Start of Input for this task

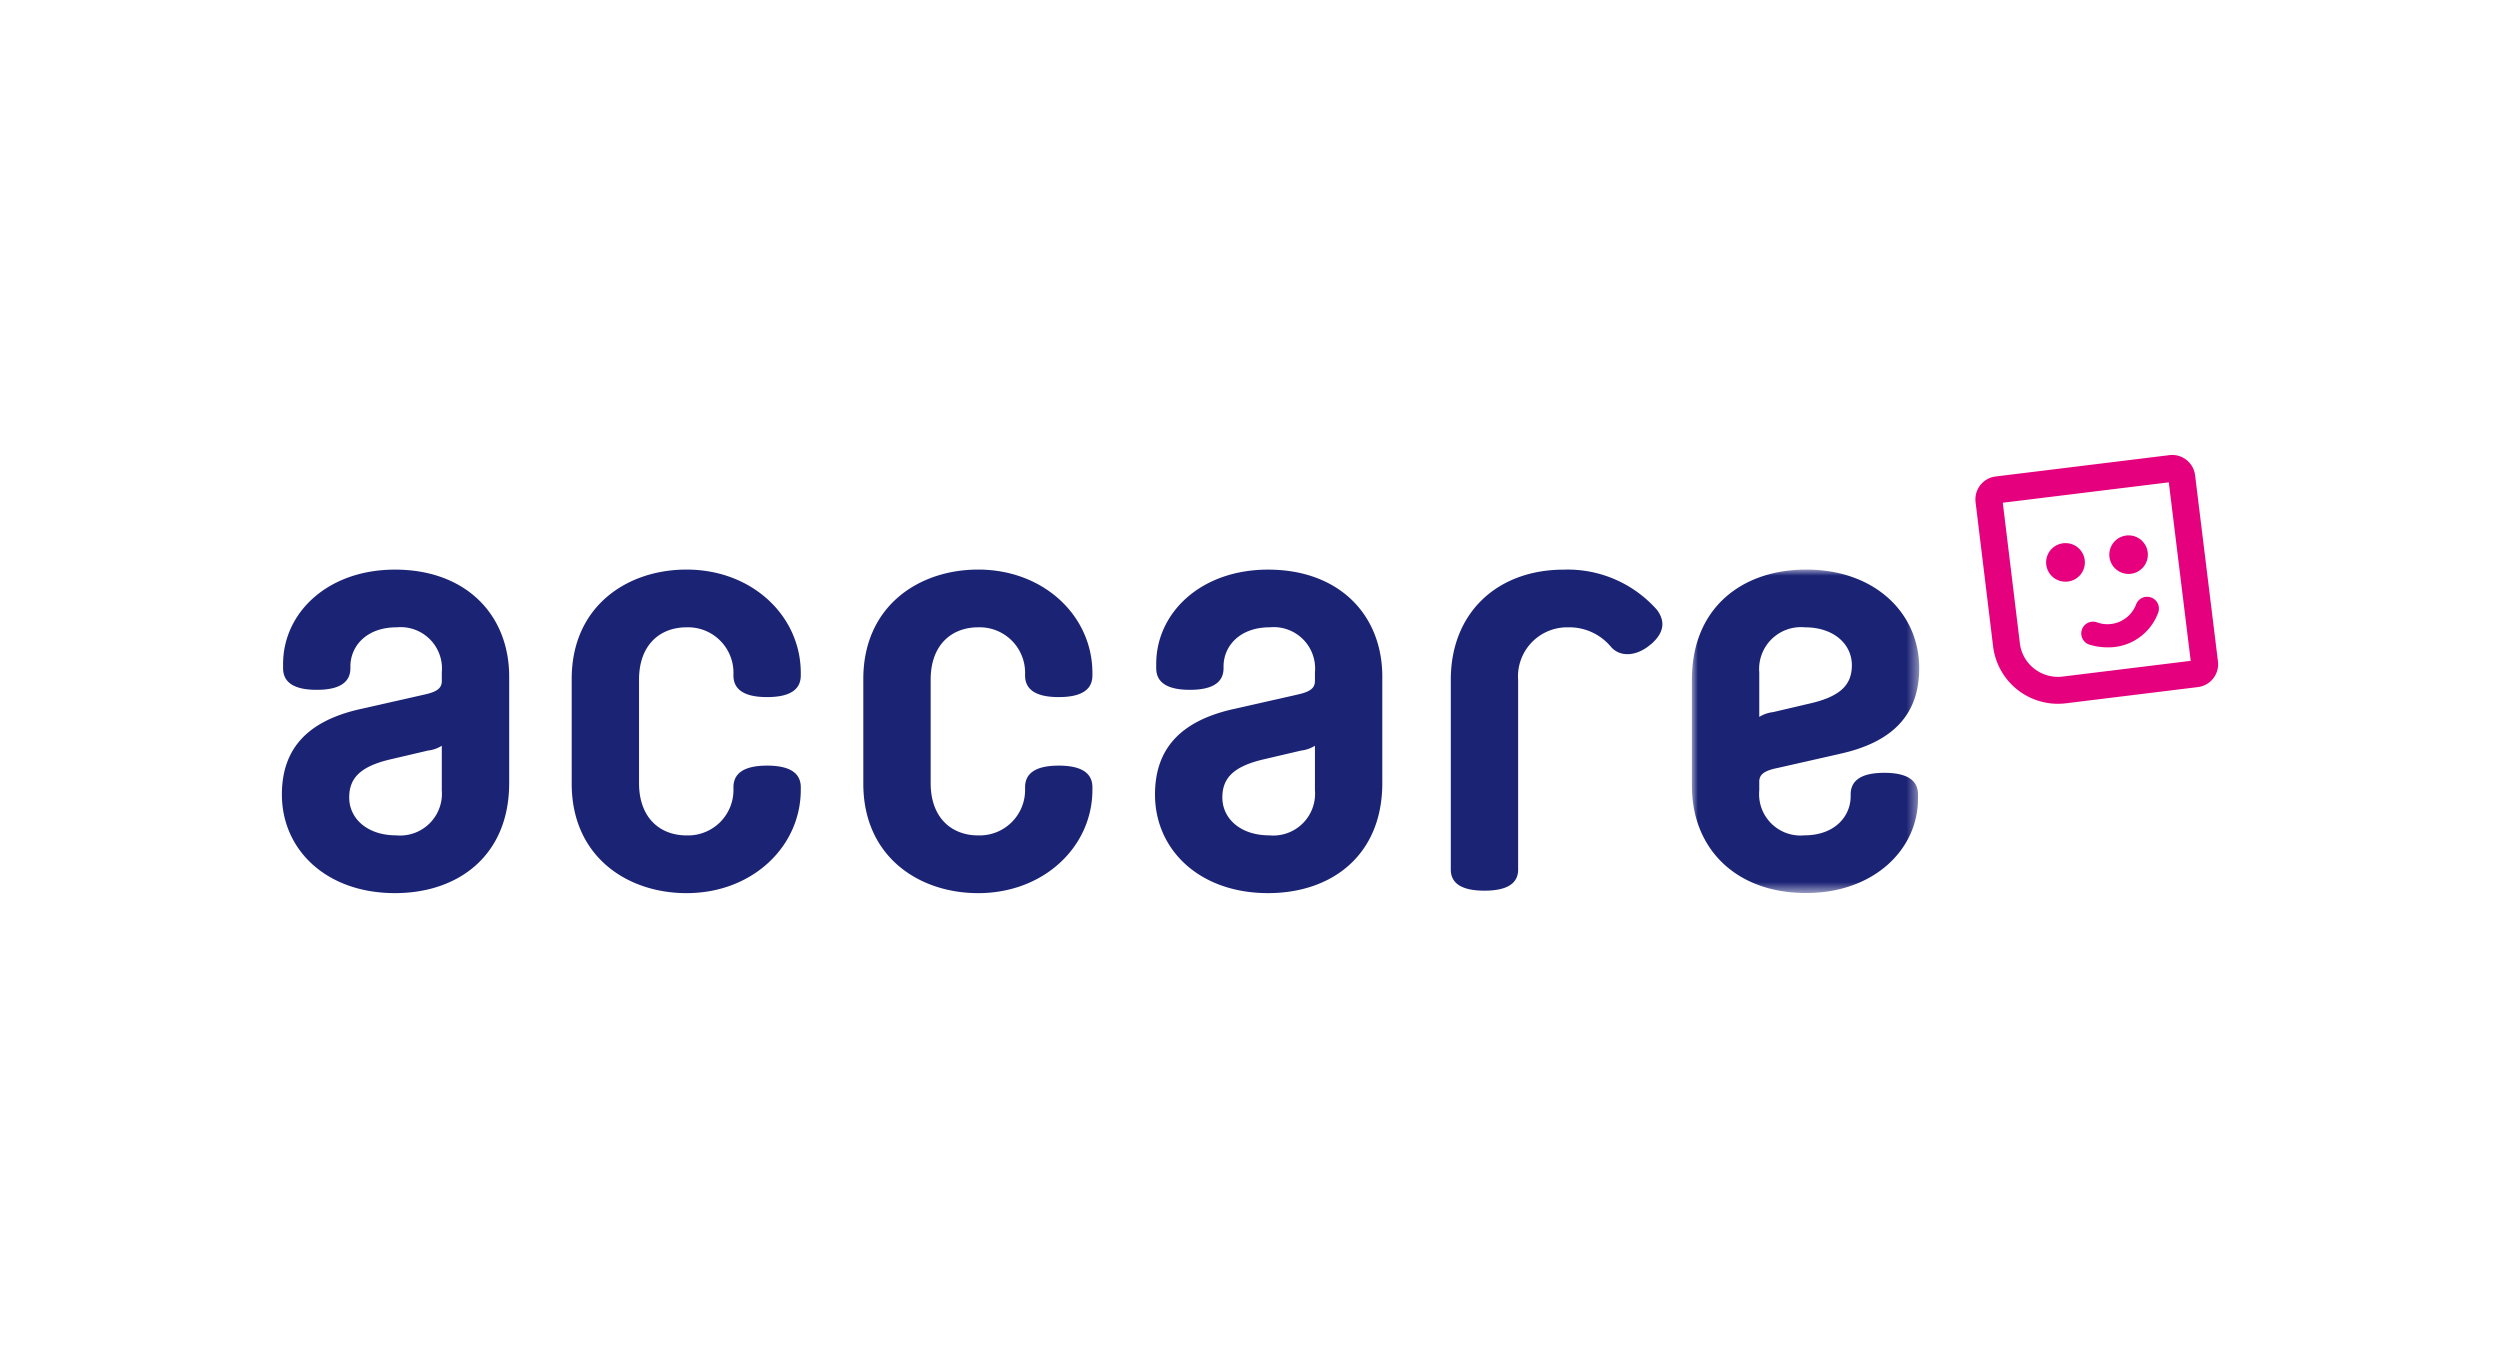 <svg xmlns="http://www.w3.org/2000/svg" xmlns:xlink="http://www.w3.org/1999/xlink" width="204" height="110" viewBox="0 0 204 110">
  <defs>
    <style>
      .a {
        fill: #fff;
      }

      .a, .b, .c, .d, .f {
        fill-rule: evenodd;
      }

      .b {
        fill: #e5007d;
      }

      .c {
        fill: #e6007e;
      }

      .d, .f {
        fill: #1b2375;
      }

      .d {
        isolation: isolate;
      }

      .e {
        mask: url(#a);
      }
    </style>
    <mask id="a" x="138.06" y="46.477" width="18.547" height="26.398" maskUnits="userSpaceOnUse">
      <polygon class="a" points="138.06 46.477 156.607 46.477 156.607 72.875 138.06 72.875 138.06 46.477"/>
    </mask>
  </defs>
  <g>
    <g>
      <path class="b" d="M163.428,41.023,164.822,52.5A3.084,3.084,0,0,0,166,54.569a3.14,3.14,0,0,0,2.324.638l10.438-1.282-1.788-14.566Zm4.5,16.406a5.331,5.331,0,0,1-5.288-4.667l-1.433-11.79a1.881,1.881,0,0,1,1.635-2.091l14.184-1.742a1.881,1.881,0,0,1,2.092,1.635l1.867,15.2a1.88,1.88,0,0,1-1.635,2.092l-10.757,1.321a5.311,5.311,0,0,1-.665.041Z"/>
      <path class="c" d="M168.54,47.465a1.572,1.572,0,0,1-.19-3.133,1.573,1.573,0,1,1,.19,3.133"/>
      <path class="c" d="M173.693,46.833a1.573,1.573,0,1,1,.97-2.812,1.574,1.574,0,0,1-.97,2.812"/>
      <path class="c" d="M171.975,52.824a5.157,5.157,0,0,1-1.452-.213.961.961,0,0,1,.541-1.845,2.5,2.5,0,0,0,3.249-1.462.962.962,0,0,1,1.806.661,4.32,4.32,0,0,1-4.144,2.859"/>
    </g>
    <path class="d" d="M36.051,64.485V60.853a2.718,2.718,0,0,1-1.128.393l-3.141.736c-2.452.589-3.287,1.57-3.287,3.091,0,1.718,1.472,3.092,3.827,3.092a3.415,3.415,0,0,0,3.729-3.68Zm0-9.618a3.377,3.377,0,0,0-3.679-3.679c-2.5,0-3.779,1.57-3.779,3.189v.147c0,.981-.637,1.766-2.747,1.766S23.1,55.505,23.1,54.524v-.343c0-4.171,3.631-7.7,9.127-7.7,5.789,0,9.322,3.68,9.322,8.734V63.9c0,5.887-4.122,8.979-9.322,8.979-5.594,0-9.225-3.533-9.225-8.047,0-3.877,2.257-6.035,6.379-6.968l5.2-1.177c1.178-.246,1.472-.589,1.472-1.128Z"/>
    <path class="d" d="M52.145,63.9c0,2.845,1.718,4.269,3.877,4.269a3.708,3.708,0,0,0,3.827-3.828v-.1c0-.981.638-1.766,2.747-1.766s2.748.785,2.748,1.766v.2c0,4.662-3.974,8.44-9.322,8.44-4.858,0-9.372-2.994-9.372-8.93V55.407c0-5.937,4.514-8.93,9.372-8.93,5.348,0,9.322,3.778,9.322,8.439v.2c0,.982-.638,1.767-2.748,1.767s-2.747-.785-2.747-1.767v-.1a3.707,3.707,0,0,0-3.827-3.827c-2.159,0-3.877,1.423-3.877,4.268Z"/>
    <path class="d" d="M75.942,63.9c0,2.845,1.718,4.269,3.877,4.269a3.708,3.708,0,0,0,3.827-3.828v-.1c0-.981.638-1.766,2.747-1.766s2.748.785,2.748,1.766v.2c0,4.662-3.974,8.44-9.322,8.44-4.858,0-9.373-2.994-9.373-8.93V55.407c0-5.937,4.515-8.93,9.373-8.93,5.348,0,9.322,3.778,9.322,8.439v.2c0,.982-.638,1.767-2.748,1.767s-2.747-.785-2.747-1.767v-.1a3.707,3.707,0,0,0-3.827-3.827c-2.159,0-3.877,1.423-3.877,4.268Z"/>
    <path class="d" d="M107.3,64.485V60.853a2.723,2.723,0,0,1-1.129.393l-3.14.736c-2.453.589-3.287,1.57-3.287,3.091,0,1.718,1.472,3.092,3.827,3.092a3.415,3.415,0,0,0,3.729-3.68Zm0-9.618a3.378,3.378,0,0,0-3.68-3.679c-2.5,0-3.778,1.57-3.778,3.189v.147c0,.981-.638,1.766-2.747,1.766s-2.748-.785-2.748-1.766v-.343c0-4.171,3.631-7.7,9.126-7.7,5.79,0,9.323,3.68,9.323,8.734V63.9c0,5.887-4.122,8.979-9.323,8.979-5.593,0-9.225-3.533-9.225-8.047,0-3.877,2.258-6.035,6.379-6.968l5.2-1.177c1.178-.246,1.472-.589,1.472-1.128Z"/>
    <path class="d" d="M134.723,52.561c-1.177,1.03-2.551,1.08-3.287.2a4.417,4.417,0,0,0-3.484-1.571,4.01,4.01,0,0,0-4.072,4.318V70.961c0,.982-.687,1.718-2.748,1.718s-2.747-.736-2.747-1.718v-15.5c0-5.446,3.778-8.979,9.224-8.979a9.724,9.724,0,0,1,7.605,3.288c.687.932.589,1.864-.491,2.8"/>
    <g class="e">
      <path class="f" d="M143.556,54.867V58.5a2.738,2.738,0,0,1,1.128-.392l3.141-.736c2.453-.589,3.287-1.57,3.287-3.092,0-1.717-1.472-3.091-3.827-3.091a3.415,3.415,0,0,0-3.729,3.68Zm0,9.618a3.378,3.378,0,0,0,3.68,3.679c2.5,0,3.778-1.57,3.778-3.189v-.147c0-.982.638-1.766,2.747-1.766s2.748.784,2.748,1.766v.343c0,4.171-3.631,7.7-9.126,7.7-5.79,0-9.323-3.68-9.323-8.734V55.456c0-5.888,4.122-8.979,9.323-8.979,5.593,0,9.224,3.533,9.224,8.047,0,3.876-2.257,6.035-6.379,6.967l-5.2,1.178c-1.178.245-1.472.589-1.472,1.128Z"/>
    </g>
  </g>
</svg>

End of Input for this task

Whenever the string "fill" turns up in a line above, copy that line out.

        fill: #fff;
        fill-rule: evenodd;
        fill: #e5007d;
        fill: #e6007e;
        fill: #1b2375;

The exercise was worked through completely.